Dataset excerpts:
+ + + + +
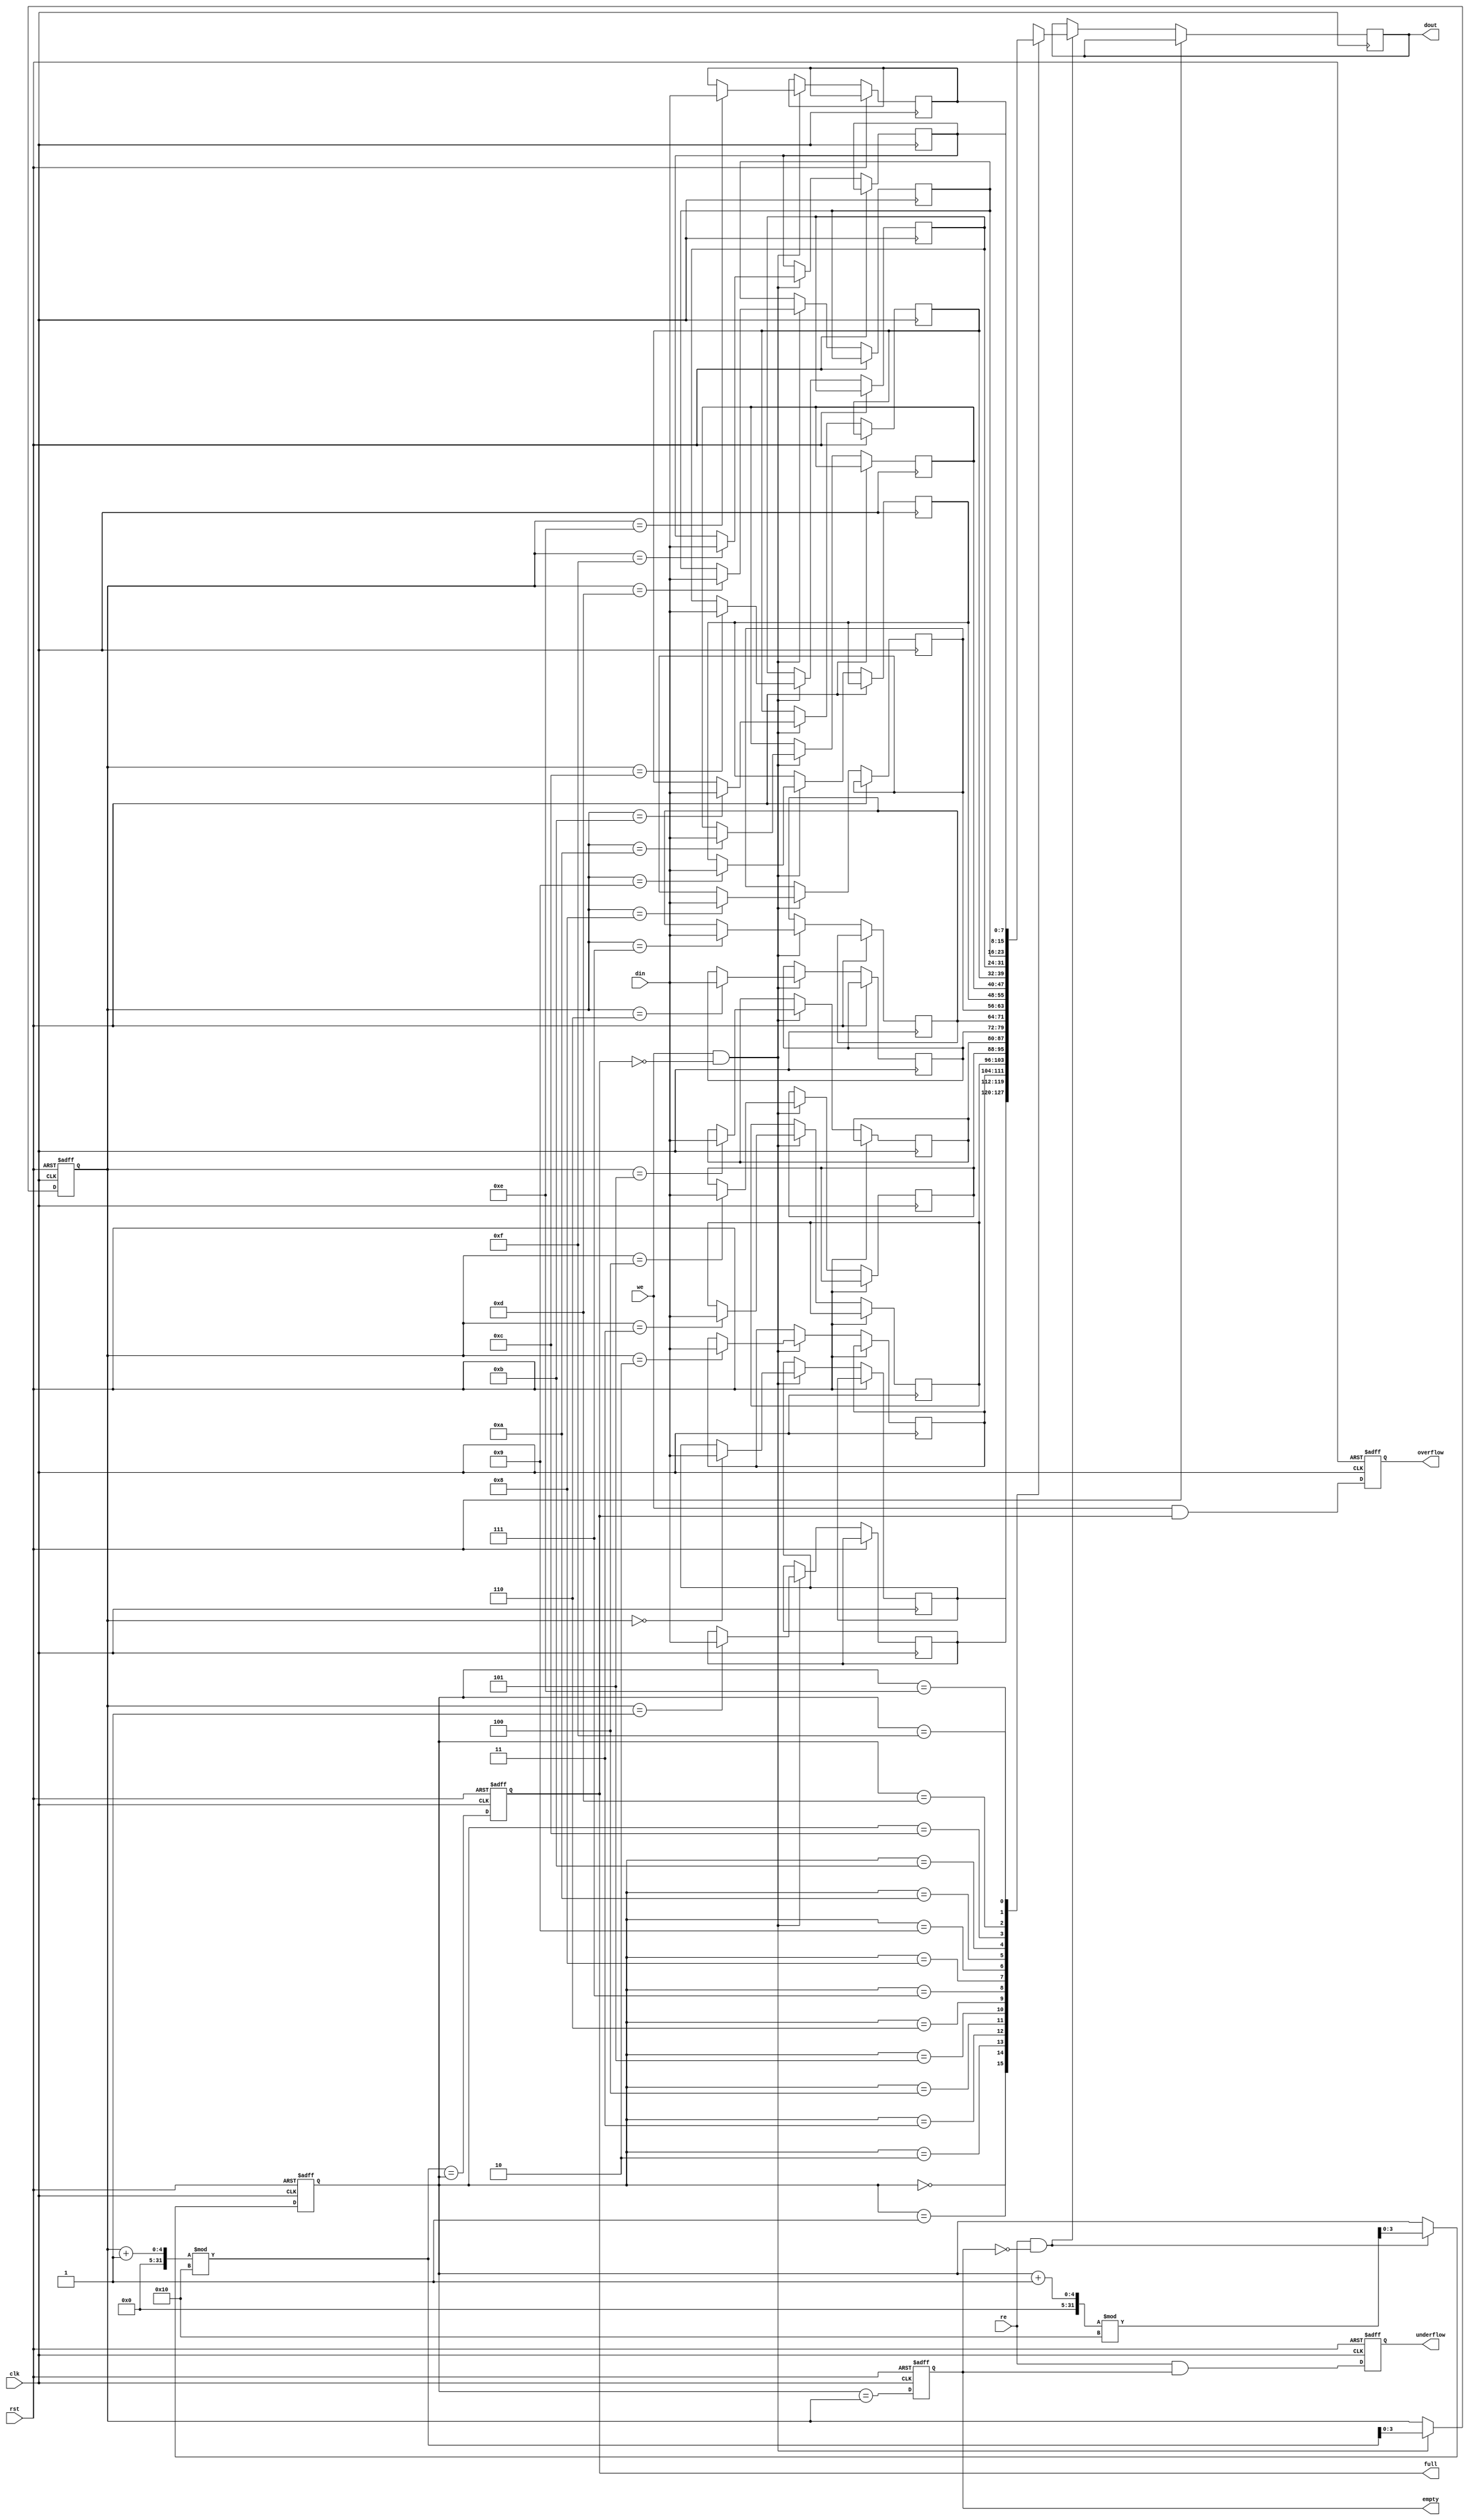
module fifo_sram #(
    parameter DATA_WIDTH = 8,   // Width of the data
    parameter FIFO_DEPTH = 16    // Depth of the FIFO (number of entries)
)(
    input wire clk,              // Clock signal
    input wire rst,              // Reset signal
    input wire we,               // Write enable signal
    input wire re,               // Read enable signal
    input wire [DATA_WIDTH-1:0] din, // Data input
    output reg [DATA_WIDTH-1:0] dout, // Data output
    output reg full,             // FIFO full flag
    output reg empty,            // FIFO empty flag
    output reg overflow,         // Overflow flag
    output reg underflow         // Underflow flag
);

    // Internal memory array
    reg [DATA_WIDTH-1:0] memory [0:FIFO_DEPTH-1];

    // Pointer registers
    reg [$clog2(FIFO_DEPTH)-1:0] head;
    reg [$clog2(FIFO_DEPTH)-1:0] tail;

    // Initialize FIFO
    always @(posedge clk or posedge rst) begin
        if (rst) begin
            head <= 0;
            tail <= 0;
            full <= 0;
            empty <= 1;
            overflow <= 0;
            underflow <= 0;
        end else begin
            // Write operation
            if (we && !full) begin
                memory[tail] <= din; // Write data to FIFO
                tail <= (tail + 1) % FIFO_DEPTH; // Increment tail
            end

            // Read operation
            if (re && !empty) begin
                dout <= memory[head]; // Read data from FIFO
                head <= (head + 1) % FIFO_DEPTH; // Increment head
            end

            // Update full and empty flags
            full <= (tail + 1) % FIFO_DEPTH == head; // Check if full
            empty <= head == tail; // Check if empty

            // Overflow and underflow conditions
            overflow <= we && full; // Write when full
            underflow <= re && empty; // Read when empty
        end
    end

endmodule
+ + + + +
◆ TASK DETAILS ◆
Reproduce all the records verbatim, excluding images.

◆ REPLY ◆
module fifo_sram #(
    parameter DATA_WIDTH = 8,   // Width of the data
    parameter FIFO_DEPTH = 16    // Depth of the FIFO (number of entries)
)(
    input wire clk,              // Clock signal
    input wire rst,              // Reset signal
    input wire we,               // Write enable signal
    input wire re,               // Read enable signal
    input wire [DATA_WIDTH-1:0] din, // Data input
    output reg [DATA_WIDTH-1:0] dout, // Data output
    output reg full,             // FIFO full flag
    output reg empty,            // FIFO empty flag
    output reg overflow,         // Overflow flag
    output reg underflow         // Underflow flag
);

    // Internal memory array
    reg [DATA_WIDTH-1:0] memory [0:FIFO_DEPTH-1];

    // Pointer registers
    reg [$clog2(FIFO_DEPTH)-1:0] head;
    reg [$clog2(FIFO_DEPTH)-1:0] tail;

    // Initialize FIFO
    always @(posedge clk or posedge rst) begin
        if (rst) begin
            head <= 0;
            tail <= 0;
            full <= 0;
            empty <= 1;
            overflow <= 0;
            underflow <= 0;
        end else begin
            // Write operation
            if (we && !full) begin
                memory[tail] <= din; // Write data to FIFO
                tail <= (tail + 1) % FIFO_DEPTH; // Increment tail
            end

            // Read operation
            if (re && !empty) begin
                dout <= memory[head]; // Read data from FIFO
                head <= (head + 1) % FIFO_DEPTH; // Increment head
            end

            // Update full and empty flags
            full <= (tail + 1) % FIFO_DEPTH == head; // Check if full
            empty <= head == tail; // Check if empty

            // Overflow and underflow conditions
            overflow <= we && full; // Write when full
            underflow <= re && empty; // Read when empty
        end
    end

endmodule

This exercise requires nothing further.